Year ended 31 March 2015

Relevant facts and circumstances

You offer salary sacrifice arrangements (SSA) to your employees.

The salary sacrifice option is offered to employees on a cost neutral basis. That is, the amount of salary paid to an employee who has entered into a SSA will be the amount of salary that would otherwise have been paid if the employee had not entered into an SSA, less the cost of the benefits to the employer. These costs include any FBT paid by the employer in relation to the benefits provided.

At the end of each year, you reconcile the costs of providing the benefits with the reduction in salary. If it is determined a salary overpayment has occurred as a result of the costs of providing the benefits (including the amount of FBT paid) exceeding the reduction in salary, you generally take action to recover the overpayment.

When an overpayment is identified you will generally contact the employee to advise him or her of the overpaid amount and to seek to make arrangements for the overpaid amount to be repaid.

Where the employee is still employed by you, the overpaid amount can be recovered by making a deduction from the pre-tax salary if the employee acknowledges the overpaid amount.

Alternatively, if the employee has ceased to be employed by you, the former employee is required to repay the overpaid amounts from his or her after tax income.

Not all employees acknowledge the overpayment and agree to repay the overpaid amount. For example, some employees are not able to be contacted and other employees dispute the requirement for the amount to be repaid.

You have conducted a review of the overpaid amounts that are not being recovered or repaid by employees.

You are proposing to write-off amounts under $100 as it is impractical or uneconomic to recover the overpaid amount.

There currently are no amounts between $100 and $300.

You obtained legal advice in relation to the recoverability of the amounts greater than $300.

The legal advice is that the overpaid amounts cannot be recovered as the employees have sufficient grounds to legally challenge any attempt to recover the overpaid amount. This advice was based on undertakings and advice given to these employees at the time they entered into the salary sacrifice arrangements.

Relevant legislative provisions

Fringe Benefit Tax Assessment Act 1986 Subsection 136 (1)

Fringe Benefit Tax Assessment Act 1986 Section 14

Fringe Benefit Tax Assessment Act 1986 Section 58P

Reasons for decision

Will a debt waiver benefit arise if the amount overpaid is written-off?

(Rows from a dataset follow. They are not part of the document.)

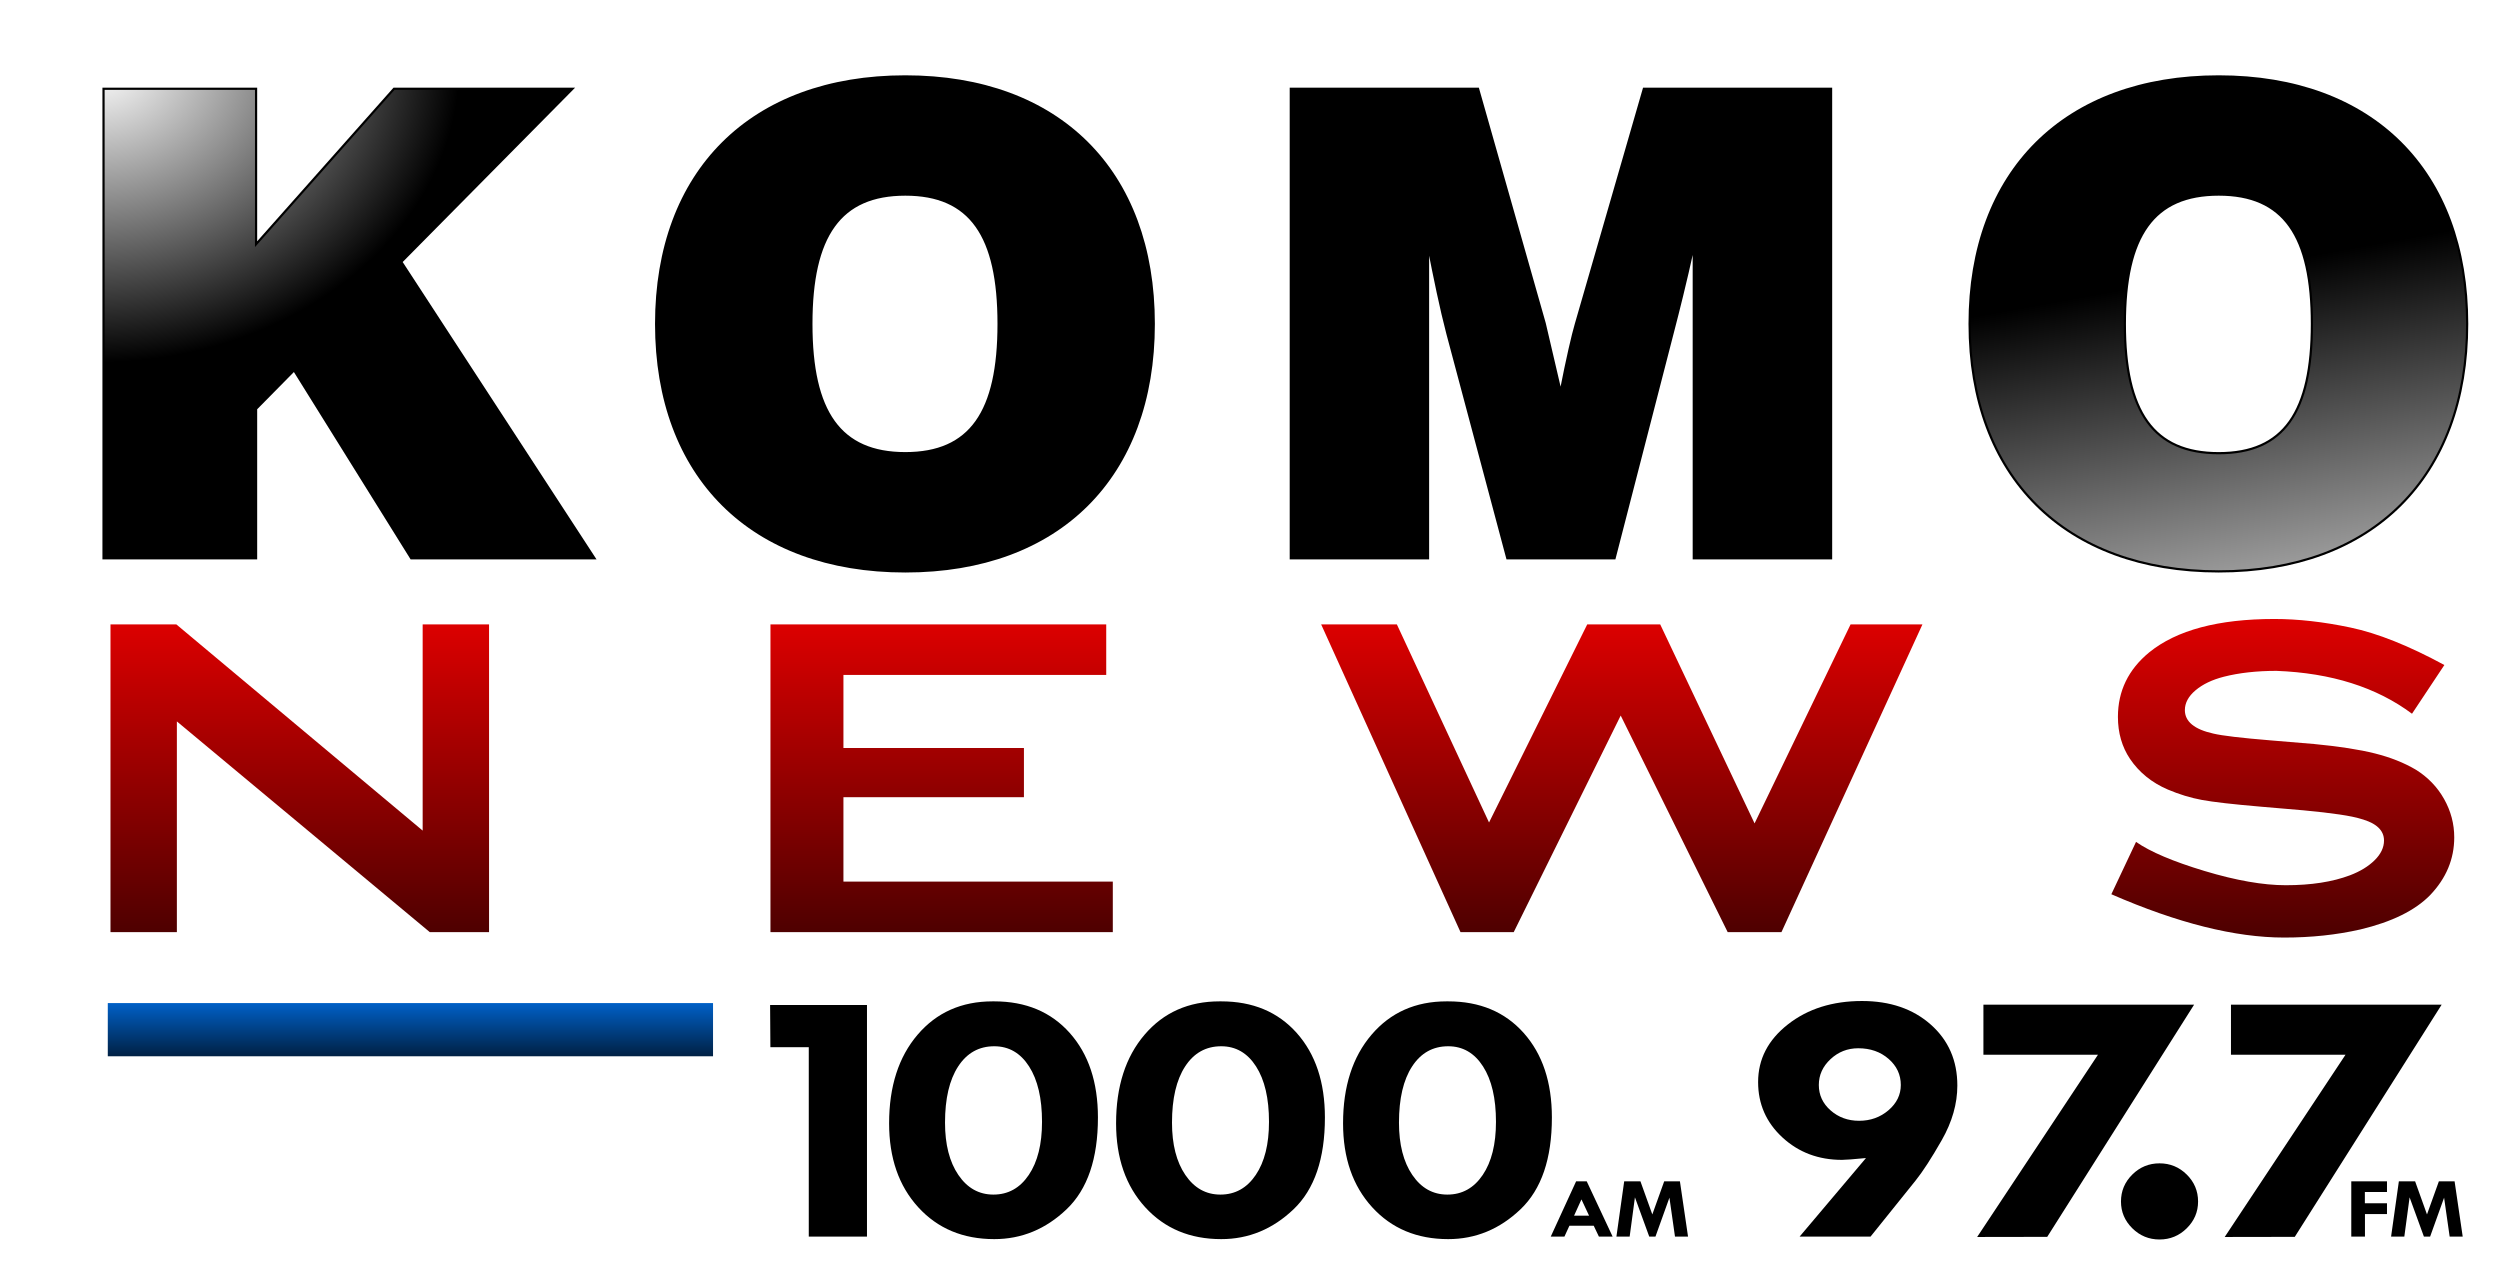 <?xml version="1.0" encoding="UTF-8" standalone="no"?>
<svg xmlns="http://www.w3.org/2000/svg" xmlns:xlink="http://www.w3.org/1999/xlink" width="567.258" height="290.365">
  <defs>
    <path id="h" d="M0 0h224.323v172.604H0z"/>
  </defs>
  <defs>
    <linearGradient id="f">
      <stop offset="0" stop-color="#0062cb"/>
      <stop offset="1"/>
    </linearGradient>
    <linearGradient id="a">
      <stop offset="0"/>
      <stop offset="1" stop-color="#fff"/>
    </linearGradient>
    <linearGradient id="g">
      <stop offset="0" stop-color="#fff"/>
      <stop offset="1"/>
    </linearGradient>
    <linearGradient id="d">
      <stop offset="0" stop-color="red"/>
      <stop offset="1"/>
    </linearGradient>
    <linearGradient id="c">
      <stop offset="0" stop-color="red"/>
      <stop offset="1"/>
    </linearGradient>
    <linearGradient id="b">
      <stop offset="0" stop-color="red"/>
      <stop offset="1"/>
    </linearGradient>
    <linearGradient id="e">
      <stop offset="0" stop-color="red"/>
      <stop offset="1"/>
    </linearGradient>
    <linearGradient xlink:href="#a" id="l" x1="191.917" x2="199.282" y1="36.844" y2="77.549" gradientTransform="translate(-8.643 -6.379)" gradientUnits="userSpaceOnUse"/>
    <linearGradient xlink:href="#b" id="m" x1="455.247" x2="455.247" y1="315.128" y2="441.084" gradientTransform="translate(-395.199 -208.204)" gradientUnits="userSpaceOnUse"/>
    <linearGradient xlink:href="#c" id="n" x1="455.247" x2="455.247" y1="315.128" y2="441.084" gradientTransform="translate(-395.199 -208.204)" gradientUnits="userSpaceOnUse"/>
    <linearGradient xlink:href="#d" id="o" x1="455.247" x2="455.247" y1="315.128" y2="441.084" gradientTransform="translate(-395.199 -208.204)" gradientUnits="userSpaceOnUse"/>
    <linearGradient xlink:href="#e" id="p" x1="455.247" x2="455.247" y1="315.128" y2="441.084" gradientTransform="translate(-395.199 -208.204)" gradientUnits="userSpaceOnUse"/>
    <linearGradient xlink:href="#f" id="q" x1="90.868" x2="90.868" y1="227.224" y2="245.919" gradientTransform="translate(-23.492 -17.338)" gradientUnits="userSpaceOnUse"/>
    <radialGradient xlink:href="#g" id="i" cx="28.865" cy="3.578" r="20.586" fx="28.865" fy="3.578" gradientTransform="matrix(.013 1.198 -1.462 .016 20.972 -22.909)" gradientUnits="userSpaceOnUse"/>
    <clipPath id="j">
      <use xlink:href="#h" width="1" height="1" overflow="visible"/>
    </clipPath>
    <filter id="k" color-interpolation-filters="sRGB">
      <feColorMatrix result="result7" values="1 0 0 0 0 0 1 0 0 0 0 0 1 0 0 0 0 0 1 0"/>
      <feGaussianBlur result="result6" stdDeviation="5"/>
      <feComposite in="result6" in2="result7" operator="atop" result="result91"/>
      <feComposite in2="result91" operator="in"/>
    </filter>
  </defs>
  <g transform="translate(23.492 17.338)">
    <path fill="url(#i)" stroke="#000" stroke-width=".184" d="m55.635 13.552-14.291 14.45L57.477 52.75h-15.3l-9.781-15.7-3.173 3.218V52.75H16.488V13.552h12.735v12.973l11.513-12.973z" clip-path="url(#j)" filter="url(#k)" transform="translate(-44.815 -34.027) scale(2.718)"/>
    <path stroke="#000" stroke-width=".184" d="M82.842 43.973c5.446 0 7.785-3.434 7.785-10.792 0-7.362-2.339-10.797-7.785-10.797-5.453 0-7.844 3.435-7.844 10.797 0 7.358 2.391 10.792 7.844 10.792m0-31.454c12.838 0 20.739 7.901 20.739 20.662 0 12.757-7.901 20.661-20.739 20.661-12.851 0-20.804-7.904-20.804-20.661 0-12.761 7.953-20.662 20.804-20.662" clip-path="url(#j)" transform="translate(-43.233 -34.027) scale(2.718)"/>
    <path fill="url(#l)" stroke="#000" stroke-width=".184" d="M192.108 43.973c5.447 0 7.779-3.434 7.779-10.793 0-7.361-2.332-10.796-7.779-10.796-5.452 0-7.837 3.435-7.837 10.796 0 7.359 2.385 10.793 7.837 10.793m0-31.454c12.845 0 20.74 7.901 20.74 20.661 0 12.758-7.896 20.662-20.74 20.662-12.851 0-20.797-7.904-20.797-20.662.001-12.76 7.947-20.661 20.797-20.661" clip-path="url(#j)" transform="translate(-42.205 -34.027) scale(2.718)"/>
    <path stroke="#000" stroke-width=".184" d="m144.395 13.552-5.672 19.628c-.271.928-.718 2.834-1.273 5.67-.781-3.327-1.228-5.233-1.337-5.721l-5.563-19.577h-15.63V52.75h11.456V26.584l.006.035v-.035c.556 2.833 1.06 5.288 1.615 7.41l5.001 18.756h8.948l4.949-19.192c.336-1.298.937-3.631 1.66-6.926l.007-.048v.006s0-.006.006-.006c-.006.061-.006.112-.006.174V52.75h11.461V13.552h-15.628z" clip-path="url(#j)" transform="translate(-42.958 -34.027) scale(2.718)"/>
    <path fill="url(#m)" d="M16.641 146.352v47.816H1.578v-69.83h14.938l55.895 46.792v-46.792h15.063v69.83H74.03z" font-family="Media Gothic" font-size="32" font-weight="400" letter-spacing="0" style="line-height:125%;-inkscape-font-specification:Media Gothic" word-spacing="0"/>
    <path fill="url(#n)" d="M167.885 163.554v19.147h61.123v11.468h-77.68v-69.83h76.186V135.806h-59.629v16.587h40.956v11.16z" font-family="Media Gothic" font-size="32" font-weight="400" letter-spacing="0" style="line-height:125%;-inkscape-font-specification:Media Gothic" word-spacing="0"/>
    <path fill="url(#o)" d="m344.251 145.021-24.275 49.147h-12.075l-31.62-69.83h17.179l20.914 44.949 22.283-44.949h16.557l21.412 45.154 21.785-45.154h16.308l-31.993 69.83h-12.2z" font-family="Media Gothic" font-size="32" font-weight="400" letter-spacing="0" style="line-height:125%;-inkscape-font-specification:Media Gothic" word-spacing="0"/>
    <path fill="url(#p)" d="m531.145 133.553-7.345 11.058c-8.05-6.007-18.3-9.249-30.748-9.727-4.482 0-8.465.444-11.951 1.331-2.656.683-4.793 1.707-6.411 3.072-1.618 1.365-2.428 2.867-2.428 4.505 0 2.594 2.158 4.369 6.473 5.324 1.992.478 6.307.99 12.947 1.536l9.835.819c5.726.546 10.353 1.263 13.88 2.15 3.527.887 6.619 2.116 9.274 3.686 2.739 1.707 4.876 3.925 6.411 6.655 1.535 2.73 2.303 5.631 2.303 8.703-0 4.915-1.826 9.283-5.477 13.106-3.403 3.481-8.673 6.075-15.81 7.782-5.394 1.229-11.162 1.843-17.304 1.843-11.121 0-24.192-3.276-39.214-9.829l5.602-11.877c3.237 2.253 8.424 4.454 15.561 6.604 7.137 2.15 13.279 3.225 18.424 3.225 5.726 0 10.581-.751 14.565-2.253 2.324-.887 4.191-2.031 5.602-3.43 1.411-1.399 2.116-2.884 2.116-4.454-0-2.321-1.743-3.959-5.228-4.915-2.158-.683-6.515-1.331-13.071-1.945l-9.586-.819c-6.39-.546-10.872-1.058-13.445-1.536-2.573-.478-5.146-1.263-7.718-2.355-3.652-1.57-6.515-3.891-8.59-6.962-1.826-2.73-2.739-5.904-2.739-9.522 0-5.87 2.365-10.751 7.096-14.642 6.224-5.051 15.685-7.577 28.383-7.577 5.394 0 11.162.649 17.304 1.945 6.141 1.297 13.237 4.13 21.287 8.498z" font-family="Media Gothic" font-size="32" font-weight="400" letter-spacing="0" style="line-height:125%;-inkscape-font-specification:Media Gothic" word-spacing="0"/>
    <path fill="url(#q)" fill-rule="evenodd" d="M.966 210.264H138.297v12.07H.966z"/>
    <g font-family="Tw Cen MT" font-weight="700" letter-spacing="0" transform="translate(-59.421 -82.243) scale(1.392)" word-spacing="0">
      <path d="M151.342 210.447h15.791v37.749h-9.488v-30.874h-6.257zm36.537-.593c5.146 0 9.25 1.719 12.31 5.156 3.061 3.437 4.591 8.03 4.591 13.778-0 6.716-1.7 11.699-5.101 14.948-3.401 3.249-7.334 4.874-11.8 4.874-5.101 0-9.233-1.733-12.395-5.2-3.163-3.467-4.744-8.025-4.744-13.674 0-6.005 1.547-10.82 4.642-14.445 3.095-3.625 7.17-5.437 12.225-5.437zm7.787 19.645c-0-3.832-.703-6.845-2.108-9.037-1.406-2.193-3.299-3.289-5.679-3.289-2.494 0-4.455 1.096-5.883 3.289-1.428 2.193-2.142 5.245-2.142 9.156-0 3.556.725 6.4 2.176 8.533 1.451 2.133 3.355 3.2 5.713 3.2 2.403 0 4.324-1.067 5.764-3.2 1.44-2.133 2.159-5.017 2.159-8.652zm29.211-19.645c5.146 0 9.25 1.719 12.31 5.156 3.061 3.437 4.591 8.03 4.591 13.778-0 6.716-1.7 11.699-5.101 14.948-3.401 3.249-7.334 4.874-11.8 4.874-5.101 0-9.233-1.733-12.395-5.2-3.163-3.467-4.744-8.025-4.744-13.674 0-6.005 1.547-10.82 4.642-14.445 3.095-3.625 7.17-5.437 12.225-5.437zm7.787 19.645c-0-3.832-.703-6.845-2.108-9.037-1.406-2.193-3.299-3.289-5.679-3.289-2.494 0-4.455 1.096-5.883 3.289-1.428 2.193-2.142 5.245-2.142 9.156-0 3.556.725 6.4 2.176 8.533 1.451 2.133 3.355 3.2 5.713 3.2 2.403 0 4.324-1.067 5.764-3.2 1.44-2.133 2.159-5.017 2.159-8.652zm29.211-19.645c5.146 0 9.25 1.719 12.31 5.156 3.061 3.437 4.591 8.03 4.591 13.778-0 6.716-1.7 11.699-5.101 14.948-3.401 3.249-7.334 4.874-11.8 4.874-5.101 0-9.233-1.733-12.395-5.2-3.163-3.467-4.744-8.025-4.744-13.674 0-6.005 1.547-10.82 4.642-14.445 3.095-3.625 7.17-5.437 12.225-5.437zm7.787 19.645c-0-3.832-.703-6.845-2.108-9.037-1.406-2.193-3.299-3.289-5.679-3.289-2.494 0-4.455 1.096-5.883 3.289-1.428 2.193-2.142 5.245-2.142 9.156-0 3.556.725 6.4 2.176 8.533 1.451 2.133 3.355 3.2 5.713 3.2 2.403 0 4.324-1.067 5.764-3.2 1.44-2.133 2.159-5.017 2.159-8.652z" font-size="32" style="line-height:125%;-inkscape-font-specification:Tw Cen MT Bold"/>
      <path d="M282.728 239.185h1.725l4.222 9.011h-2.237l-.843-1.771h-3.962l-.811 1.771h-2.229zm.866 2.951-1.205 2.656h2.45zm6.969-2.951h2.646l1.938 5.401 1.938-5.401h2.56l1.323 9.011h-2.127l-.906-6.341-2.276 6.341h-1.016l-2.331-6.396-.859 6.396h-2.158z" font-size="10" style="line-height:125%;-inkscape-font-specification:Tw Cen MT Bold"/>
      <path d="M330.722 248.196h-11.562l10.814-12.8c-2.04.198-3.344.296-3.911.296-3.831 0-7.068-1.22-9.709-3.659-2.641-2.439-3.962-5.447-3.962-9.022-0-3.733 1.621-6.869 4.863-9.408 3.242-2.538 7.266-3.807 12.072-3.807 4.579 0 8.314 1.279 11.205 3.837 2.89 2.558 4.336 5.872 4.336 9.941-0 2.963-.845 5.926-2.533 8.889-1.689 2.963-3.123 5.175-4.302 6.637zm4.931-24.711c-0-1.679-.663-3.096-1.989-4.252-1.326-1.156-2.976-1.733-4.948-1.733-1.746 0-3.253.593-4.523 1.778-1.27 1.185-1.904 2.588-1.904 4.207 0 1.64.64 3.022 1.921 4.148 1.281 1.126 2.828 1.689 4.642 1.689 1.859 0 3.457-.573 4.795-1.719 1.338-1.146 2.006-2.519 2.006-4.119zm13.466-13.096h34.346l-23.945 37.853-11.421.02 19.689-29.703h-18.669zm22.423 32.095c0-1.712.615-3.178 1.846-4.397 1.231-1.219 2.71-1.829 4.438-1.829 1.728 0 3.208.61 4.438 1.829 1.231 1.219 1.846 2.685 1.846 4.397-0 1.686-.615 3.139-1.846 4.358-1.231 1.219-2.71 1.829-4.438 1.829-1.728 0-3.208-.61-4.438-1.829-1.231-1.219-1.846-2.672-1.846-4.358zm17.929-32.095h34.346l-23.945 37.853-11.421.02 19.689-29.703h-18.669z" font-size="32" style="line-height:125%;-inkscape-font-specification:Tw Cen MT Bold"/>
      <path d="M409.082 239.185h5.821v1.743h-3.607v1.839h3.607v1.757h-3.592v3.672h-2.229zm7.757 0h2.646l1.938 5.401 1.938-5.401h2.56l1.323 9.011H425.117l-.906-6.341-2.276 6.341h-1.016l-2.331-6.396-.859 6.396h-2.158z" font-size="10" style="line-height:125%;-inkscape-font-specification:Tw Cen MT Bold"/>
    </g>
  </g>
</svg>

Section 14 of the Fringe Benefits Tax Assessment Act 1986 (FBTAA) sets out the circumstances in which a debt waiver benefit will be provided. Section 14 states:

    Where, at a particular time, a person (in this section referred to as the provider) waives the obligation of another person (in this section referred to as the recipient) to pay or repay to the provider an amount, the waiver shall be taken to constitute a benefit provided at that time by the provider to the recipient.

Subsection 136(1) defines 'waive' to include release.

In the situation being considered the employees were overpaid an amount of salary.

You have received legal advice that some of the overpayments cannot be recovered due to undertakings given at the time the employees entered into the SSA. The effect of these undertakings was that you agreed to pay the employees the stated amount of salary. That is, the employees are able to claim that they were legally entitled to receive the amount of salary that they were paid.

Guidance as to the actions to be taken where an overpayment of salary occurs is provided in:

    • Taxation Determination TD 2008/10 Fringe benefits tax: where an employer recognises they mistakenly paid to their employee an amount that the employee is not legally entitled to, but is obliged to repay, and afterwards allows the employee time to repay the amount, is there a 'loan benefit' under subsection 16(1) of the Fringe Benefits Tax Assessment Act 1986?

    • Taxation Determination TD 2008/11: where an employer mistakenly pays to their employee an amount that the employee is not legally entitled to, but is obliged to repay, does the employer's subsequent waiver of that obligation constitute a 'debt waiver benefit' under section 14 of the Fringe Benefits Tax Assessment Act 1986?

    • The fact sheet PAYG withholding - repayment of overpaid amounts

    • The fact sheet Repayment of income - overpayment of salary or a benefit.

These publications make a distinction between a situation in which the employee is legally entitled to the income and a situation in which the employee is not entitled to the income.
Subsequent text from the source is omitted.